** Input data follows **

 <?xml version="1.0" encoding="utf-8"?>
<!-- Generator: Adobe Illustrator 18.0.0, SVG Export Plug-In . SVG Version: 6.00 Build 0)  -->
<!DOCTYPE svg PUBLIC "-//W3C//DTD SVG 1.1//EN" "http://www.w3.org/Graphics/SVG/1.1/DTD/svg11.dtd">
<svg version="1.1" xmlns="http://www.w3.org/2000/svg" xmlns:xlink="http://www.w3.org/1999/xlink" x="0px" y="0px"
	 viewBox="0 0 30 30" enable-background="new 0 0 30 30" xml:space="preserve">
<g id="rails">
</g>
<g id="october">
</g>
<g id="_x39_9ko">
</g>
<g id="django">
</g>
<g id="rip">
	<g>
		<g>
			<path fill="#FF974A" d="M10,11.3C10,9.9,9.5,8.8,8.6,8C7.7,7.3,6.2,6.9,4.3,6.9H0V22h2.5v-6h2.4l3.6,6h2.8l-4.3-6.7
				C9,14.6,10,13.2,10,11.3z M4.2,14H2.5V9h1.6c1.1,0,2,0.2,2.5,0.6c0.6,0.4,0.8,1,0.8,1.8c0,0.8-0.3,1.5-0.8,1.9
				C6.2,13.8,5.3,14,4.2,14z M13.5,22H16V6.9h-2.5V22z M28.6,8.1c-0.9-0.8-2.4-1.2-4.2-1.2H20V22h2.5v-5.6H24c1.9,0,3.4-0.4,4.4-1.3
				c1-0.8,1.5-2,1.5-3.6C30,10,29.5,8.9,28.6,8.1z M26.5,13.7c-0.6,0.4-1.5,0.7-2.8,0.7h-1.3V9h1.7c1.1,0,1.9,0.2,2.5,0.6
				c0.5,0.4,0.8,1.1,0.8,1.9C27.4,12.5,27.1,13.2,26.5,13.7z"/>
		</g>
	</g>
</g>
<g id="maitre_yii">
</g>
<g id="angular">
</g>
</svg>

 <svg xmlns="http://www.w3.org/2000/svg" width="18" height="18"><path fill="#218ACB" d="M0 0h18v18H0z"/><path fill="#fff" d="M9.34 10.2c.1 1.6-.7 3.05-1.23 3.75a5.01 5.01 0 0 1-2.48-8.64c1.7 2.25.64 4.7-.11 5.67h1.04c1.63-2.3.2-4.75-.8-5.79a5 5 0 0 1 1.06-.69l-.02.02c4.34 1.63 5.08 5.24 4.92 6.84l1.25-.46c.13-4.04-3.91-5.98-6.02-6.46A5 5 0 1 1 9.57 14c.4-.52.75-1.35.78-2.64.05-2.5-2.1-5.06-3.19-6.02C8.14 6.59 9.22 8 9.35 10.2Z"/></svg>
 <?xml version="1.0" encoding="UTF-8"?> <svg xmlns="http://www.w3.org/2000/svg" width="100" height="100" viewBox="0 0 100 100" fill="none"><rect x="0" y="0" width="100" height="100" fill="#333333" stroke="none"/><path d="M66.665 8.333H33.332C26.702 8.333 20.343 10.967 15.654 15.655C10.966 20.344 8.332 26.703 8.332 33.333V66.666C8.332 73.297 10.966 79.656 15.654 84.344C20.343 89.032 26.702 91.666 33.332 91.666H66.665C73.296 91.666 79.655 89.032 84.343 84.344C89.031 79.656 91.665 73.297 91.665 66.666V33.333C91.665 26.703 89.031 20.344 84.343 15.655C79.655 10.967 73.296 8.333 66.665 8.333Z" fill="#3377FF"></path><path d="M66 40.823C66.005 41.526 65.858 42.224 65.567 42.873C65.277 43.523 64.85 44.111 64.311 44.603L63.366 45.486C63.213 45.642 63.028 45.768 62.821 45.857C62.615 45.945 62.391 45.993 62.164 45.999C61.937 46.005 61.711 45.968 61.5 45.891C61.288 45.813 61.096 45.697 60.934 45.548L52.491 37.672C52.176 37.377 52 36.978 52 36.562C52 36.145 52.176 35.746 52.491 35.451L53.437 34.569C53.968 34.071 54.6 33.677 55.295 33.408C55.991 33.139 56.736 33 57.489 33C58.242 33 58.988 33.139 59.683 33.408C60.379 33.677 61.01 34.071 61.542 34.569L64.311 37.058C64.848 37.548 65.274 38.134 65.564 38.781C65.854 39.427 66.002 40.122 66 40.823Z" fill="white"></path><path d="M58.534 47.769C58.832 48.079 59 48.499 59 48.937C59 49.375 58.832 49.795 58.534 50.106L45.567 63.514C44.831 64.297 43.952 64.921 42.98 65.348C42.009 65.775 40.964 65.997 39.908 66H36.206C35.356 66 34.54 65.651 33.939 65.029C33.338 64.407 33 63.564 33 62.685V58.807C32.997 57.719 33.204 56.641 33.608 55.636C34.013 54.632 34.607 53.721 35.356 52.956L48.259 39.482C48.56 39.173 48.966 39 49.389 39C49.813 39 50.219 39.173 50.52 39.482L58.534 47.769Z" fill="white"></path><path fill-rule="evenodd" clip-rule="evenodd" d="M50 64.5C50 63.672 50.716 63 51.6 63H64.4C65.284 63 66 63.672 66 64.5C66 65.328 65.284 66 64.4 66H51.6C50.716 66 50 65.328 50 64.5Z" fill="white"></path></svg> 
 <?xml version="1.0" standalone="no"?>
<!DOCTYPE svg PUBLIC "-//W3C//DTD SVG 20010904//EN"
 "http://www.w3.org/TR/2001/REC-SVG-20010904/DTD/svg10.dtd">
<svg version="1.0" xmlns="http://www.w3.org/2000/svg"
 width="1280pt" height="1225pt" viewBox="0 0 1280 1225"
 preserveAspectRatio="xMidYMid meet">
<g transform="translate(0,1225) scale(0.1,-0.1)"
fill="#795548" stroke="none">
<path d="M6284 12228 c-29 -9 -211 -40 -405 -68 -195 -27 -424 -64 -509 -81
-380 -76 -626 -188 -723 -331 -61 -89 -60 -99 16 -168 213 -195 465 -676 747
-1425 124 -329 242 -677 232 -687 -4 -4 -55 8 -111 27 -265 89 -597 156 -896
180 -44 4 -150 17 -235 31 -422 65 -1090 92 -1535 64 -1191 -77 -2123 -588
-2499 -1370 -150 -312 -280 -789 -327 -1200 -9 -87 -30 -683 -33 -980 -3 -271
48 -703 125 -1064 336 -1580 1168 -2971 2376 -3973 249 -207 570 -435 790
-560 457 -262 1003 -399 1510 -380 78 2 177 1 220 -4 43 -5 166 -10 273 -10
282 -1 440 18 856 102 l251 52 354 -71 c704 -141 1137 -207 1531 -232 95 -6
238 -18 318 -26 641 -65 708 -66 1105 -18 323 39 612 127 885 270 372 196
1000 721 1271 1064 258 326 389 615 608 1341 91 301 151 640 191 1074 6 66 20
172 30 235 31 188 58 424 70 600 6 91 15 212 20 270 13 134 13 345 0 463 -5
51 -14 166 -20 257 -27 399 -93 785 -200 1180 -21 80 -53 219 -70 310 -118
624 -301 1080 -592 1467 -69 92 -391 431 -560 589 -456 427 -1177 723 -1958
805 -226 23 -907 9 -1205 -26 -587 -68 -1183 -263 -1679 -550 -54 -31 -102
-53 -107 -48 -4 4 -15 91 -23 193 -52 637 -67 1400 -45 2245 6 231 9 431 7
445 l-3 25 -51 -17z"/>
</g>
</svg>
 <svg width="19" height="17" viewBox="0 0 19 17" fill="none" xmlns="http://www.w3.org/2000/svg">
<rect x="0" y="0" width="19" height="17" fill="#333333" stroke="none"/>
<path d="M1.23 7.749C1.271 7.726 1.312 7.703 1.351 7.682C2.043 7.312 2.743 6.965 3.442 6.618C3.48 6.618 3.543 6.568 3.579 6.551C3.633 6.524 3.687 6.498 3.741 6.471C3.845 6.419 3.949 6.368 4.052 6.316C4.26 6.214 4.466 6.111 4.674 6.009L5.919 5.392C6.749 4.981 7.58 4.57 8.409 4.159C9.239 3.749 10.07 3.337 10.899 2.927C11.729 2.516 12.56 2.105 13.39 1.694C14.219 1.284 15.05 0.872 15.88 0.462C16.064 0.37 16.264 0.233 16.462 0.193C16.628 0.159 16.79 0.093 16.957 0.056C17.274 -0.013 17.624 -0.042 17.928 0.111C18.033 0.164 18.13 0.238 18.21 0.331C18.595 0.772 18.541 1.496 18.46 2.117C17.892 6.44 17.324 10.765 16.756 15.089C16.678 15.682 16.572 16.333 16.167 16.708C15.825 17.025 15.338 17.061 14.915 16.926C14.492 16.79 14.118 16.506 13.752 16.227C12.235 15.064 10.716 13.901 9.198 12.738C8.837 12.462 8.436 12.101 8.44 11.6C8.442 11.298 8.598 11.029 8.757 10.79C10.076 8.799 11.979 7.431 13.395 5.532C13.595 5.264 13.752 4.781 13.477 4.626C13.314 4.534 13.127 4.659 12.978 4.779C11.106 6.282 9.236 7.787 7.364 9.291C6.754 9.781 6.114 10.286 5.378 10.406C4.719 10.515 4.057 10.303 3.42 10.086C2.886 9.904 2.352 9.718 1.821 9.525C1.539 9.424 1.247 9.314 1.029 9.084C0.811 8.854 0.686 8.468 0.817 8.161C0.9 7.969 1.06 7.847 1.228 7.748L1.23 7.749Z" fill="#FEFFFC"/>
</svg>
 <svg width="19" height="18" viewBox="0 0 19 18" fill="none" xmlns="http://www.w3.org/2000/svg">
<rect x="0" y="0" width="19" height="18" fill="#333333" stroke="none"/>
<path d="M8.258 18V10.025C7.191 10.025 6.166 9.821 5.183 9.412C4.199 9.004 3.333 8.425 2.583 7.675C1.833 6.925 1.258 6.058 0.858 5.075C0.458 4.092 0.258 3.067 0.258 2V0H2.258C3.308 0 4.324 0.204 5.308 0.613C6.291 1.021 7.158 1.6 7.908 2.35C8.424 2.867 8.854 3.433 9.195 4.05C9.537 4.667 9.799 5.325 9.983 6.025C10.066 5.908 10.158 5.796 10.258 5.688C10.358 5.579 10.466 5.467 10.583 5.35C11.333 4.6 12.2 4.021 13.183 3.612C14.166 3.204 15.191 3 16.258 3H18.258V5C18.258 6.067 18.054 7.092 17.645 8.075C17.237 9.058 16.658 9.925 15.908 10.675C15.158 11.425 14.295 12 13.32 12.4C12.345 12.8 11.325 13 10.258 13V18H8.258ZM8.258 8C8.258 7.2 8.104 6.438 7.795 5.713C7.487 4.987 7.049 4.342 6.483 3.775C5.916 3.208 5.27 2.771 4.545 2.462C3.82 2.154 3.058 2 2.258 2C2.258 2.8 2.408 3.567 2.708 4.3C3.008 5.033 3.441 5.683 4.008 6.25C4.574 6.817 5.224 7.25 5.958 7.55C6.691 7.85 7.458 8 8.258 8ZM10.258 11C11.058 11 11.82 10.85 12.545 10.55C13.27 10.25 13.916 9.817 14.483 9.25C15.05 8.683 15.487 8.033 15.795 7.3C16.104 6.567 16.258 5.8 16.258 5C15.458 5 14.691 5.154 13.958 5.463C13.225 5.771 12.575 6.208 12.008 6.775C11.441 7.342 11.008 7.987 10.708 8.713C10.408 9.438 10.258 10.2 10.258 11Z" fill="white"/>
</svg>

** End of Input data **

• **Task instructions**
Check the entries above for the word "DOCTYPE" and copy every line where it turns up.

• **Completed exercise**
<!DOCTYPE svg PUBLIC "-//W3C//DTD SVG 1.1//EN" "http://www.w3.org/Graphics/SVG/1.1/DTD/svg11.dtd">
<!DOCTYPE svg PUBLIC "-//W3C//DTD SVG 20010904//EN"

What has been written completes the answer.